Second, this benchmark did not evaluate the false positive rates of different systems with human users. A complete evaluation would need to measure how often each system incorrectly flags legitimate human users as bots, as this directly impacts user experience and business metrics in real-world deployments.
Finally, our evaluation did not involve active adversarial optimization. Instead, we relied on off-the-shelf AI agents, browser automation tools, and traditional bots in their default configurations. While many of these tools are already designed to evade detection, a dedicated adversary could invest more effort in bypassing specific detection systems through techniques like prompt optimization, behavior randomization, or custom evasion strategies. In future work we will include more aggressive red-teaming approaches to measure the robustness of these detection systems against determined attackers.
Today, AI agents have relatively limited capabilities and are expensive to run at scale. However, as these systems become more sophisticated, the landscape of bot detection will continue to evolve rapidly. The techniques we've evaluated today represent the foundation for an evolving field where detection methods must continuously advance to keep pace with technological progress.

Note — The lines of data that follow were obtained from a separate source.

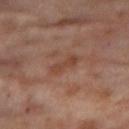Case summary:
– biopsy status — imaged on a skin check; not biopsied
– anatomic site — the right thigh
– automated lesion analysis — a shape eccentricity near 0.95 and a symmetry-axis asymmetry near 0.25
– image — ~15 mm crop, total-body skin-cancer survey
– subject — female, in their mid- to late 50s
– lesion diameter — about 3.5 mm

At Roundtable, we're staying on the cutting edge of this evolution and continuously developing new approaches to distinguish human behavior from automated systems. If you'd like to try our Proof of Human system, you can get started for free at roundtable.ai
hCaptcha's 99.9% Passive Mode presents "challenges" to the user when the system is uncertain or believes the interaction is likely from a bot. This makes the comparison not entirely apples-to-apples with fully invisible systems. We classified hCaptcha sessions as "bots" on every session where challenges were presented, unless an AI agent successfully completed the challenge. Many AI agents refuse to attempt to complete CAPTCHAs, and we did not explicitly encourage CAPTCHA completion via our prompts. The hCaptcha results thus represent an upper bound estimate of hCaptcha's performance as most agents could easily solve the challenges when they attempted to.
Mathew Hardy and Mayank Agrawal are co-founders of Roundtable Technologies Inc., where they work on building proof of human authentication systems. Previously, they completed their PhDs in cognitive science at Princeton University.